The Antonov An-22 "Antei" (Ukrainian: Ан-22 Антей) (NATO reporting name "Cock") is a heavy military transport aircraft designed by the Antonov Design Bureau in the Soviet Union. Powered by four turboprop engines each driving a pair of contra-rotating propellers, the design was the first Soviet wide-body aircraft and remains the world's largest turboprop-powered aircraft to date. The An-22 first appeared publicly outside the Soviet Union at the 1965 Paris Air Show. Since then, the model has seen extensive use in major military and humanitarian airlifts for the Soviet Union.



(1) Boeing 747

The Boeing 747 is an American wide-body commercial jet airliner and cargo aircraft, often referred to by its original nickname, Jumbo Jet, or Queen of the Skies. Its distinctive "hump" upper deck along the forward part of the aircraft makes it among the world's most recognizable aircraft, and it was the first wide-body produced.
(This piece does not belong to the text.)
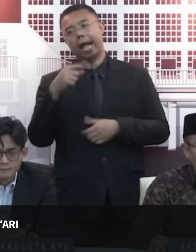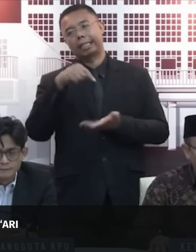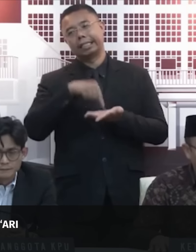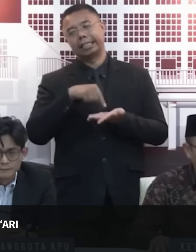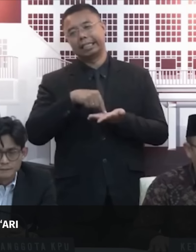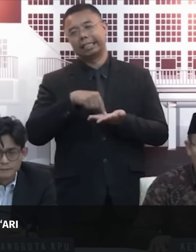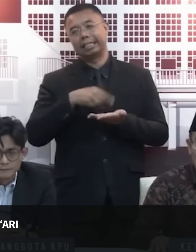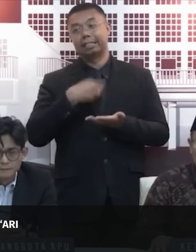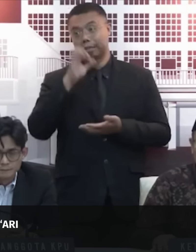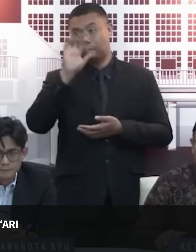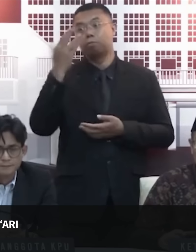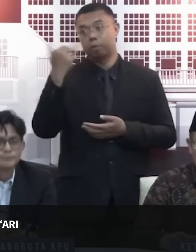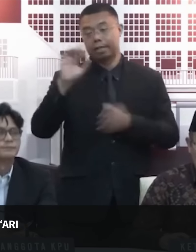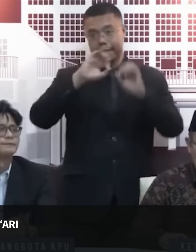Kira-kira begitu ya, teman-teman sekalian.

Manufactured by Boeing's Commercial Airplane unit in the United States, the original version of the 747 had two and a half times greater capacity than the Boeing 707, one of the common large commercial aircraft of the 1960s. First flown commercially in 1970, the 747 held the passenger capacity record for 37 years.
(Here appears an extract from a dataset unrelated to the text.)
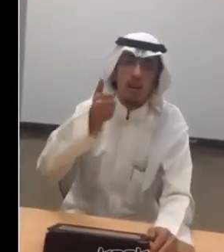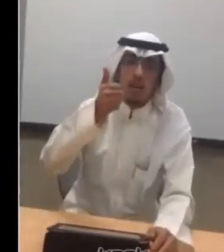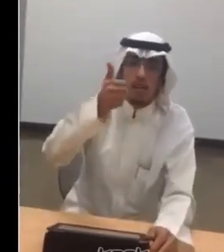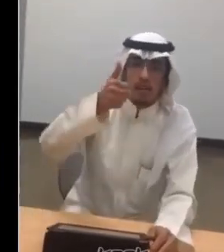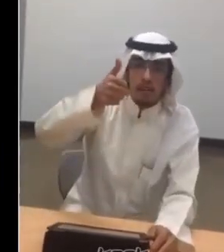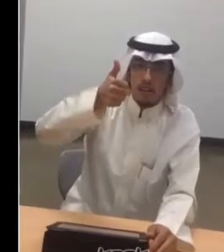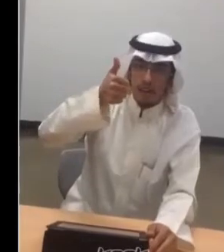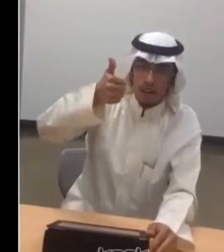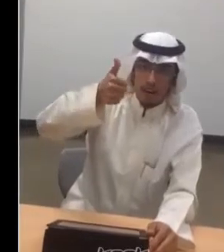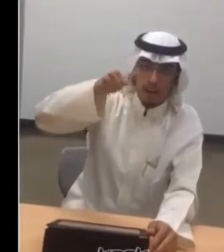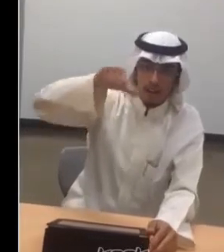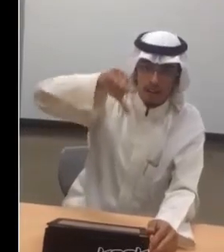رأي

(1) Boeing 747 Dreamlifter

The Boeing 747 Dreamlifter (formerly Large Cargo Freighter or LCF) is a wide-body cargo aircraft. Cargo is placed in the aircraft by the world's longest cargo loader. It is an extensively modified Boeing 747-400 that is used exclusively for transporting Boeing 787 Dreamliner aircraft components to Boeing's assembly plants from suppliers around the world.
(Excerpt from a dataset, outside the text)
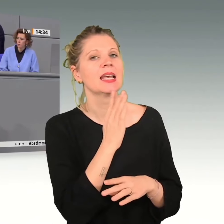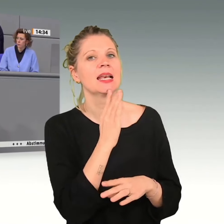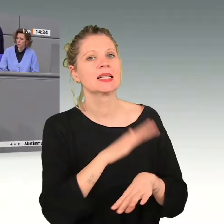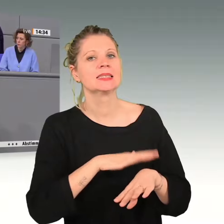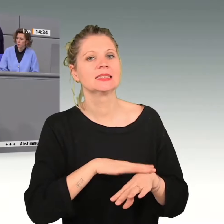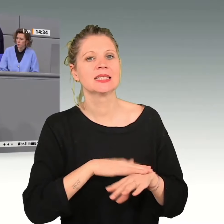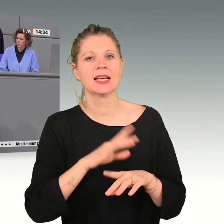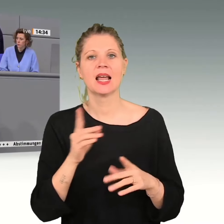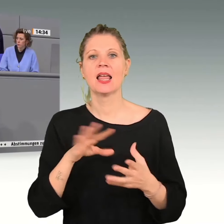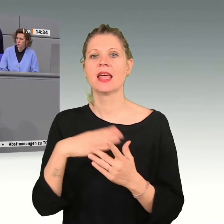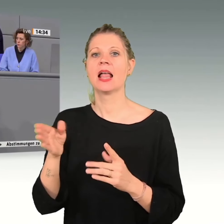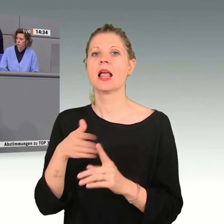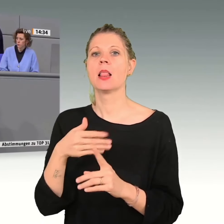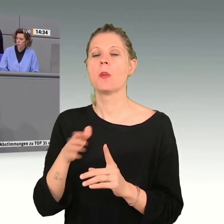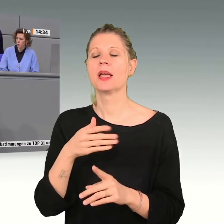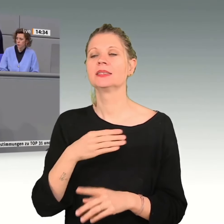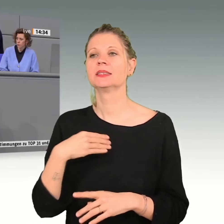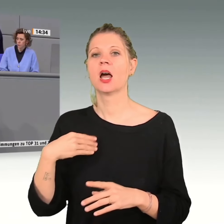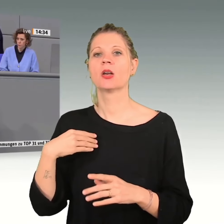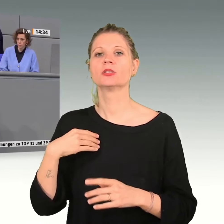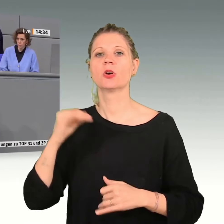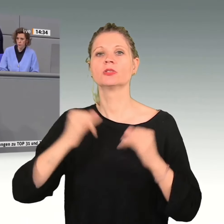Redezeit ist um.

(1) Tupolev ANT-20 Maksim Gorki

The Tupolev ANT-20 Maksim Gorki (Russian: Туполев АНТ-20 "Максим Горький") was a Soviet eight-engine aircraft, the largest of the 1930s. Its wingspan was similar to that of a modern Boeing 747, and was not exceeded until the 64.6 meter wingspan, American Douglas XB-19 heavy bomber prototype first flew in the early summer of 1941.The ANT-20 was designed by Andrei Tupolev, using the all-metal airframe technologies devised by German engineer Hugo Junkers during the World War I years, as the largest-ever aircraft to use Herr Junkers' original all-metal aircraft design techniques from 1918, and constructed between 4 July 1933 and 3 April 1934.




(1) Dornier Do X

The Dornier Do X was the largest, heaviest, and most powerful flying boat in the world when it was produced by the Dornier company of Germany in 1929. First conceived by Dr. Claude Dornier in 1924, planning started in late 1925 and after over 240,000 work-hours it was completed in June 1929.During the years between the two World Wars, only the Soviet Tupolev ANT-20 Maksim Gorki landplane of a few years later was physically larger, but at 53 metric tons maximum takeoff weight it was not as heavy as the Do X's 56 tonnes.



(1) Antonov An-2

The Antonov An-2 (Russian nickname: "Annushka" or "Annie"; "kukuruznik" - corn crop duster) is a Soviet mass-produced single-engine biplane utility/agricultural aircraft designed and manufactured by the Antonov Design Bureau (now State Company) since 1946. (USAF/DoD reporting name Type 22, NATO reporting name Colt.)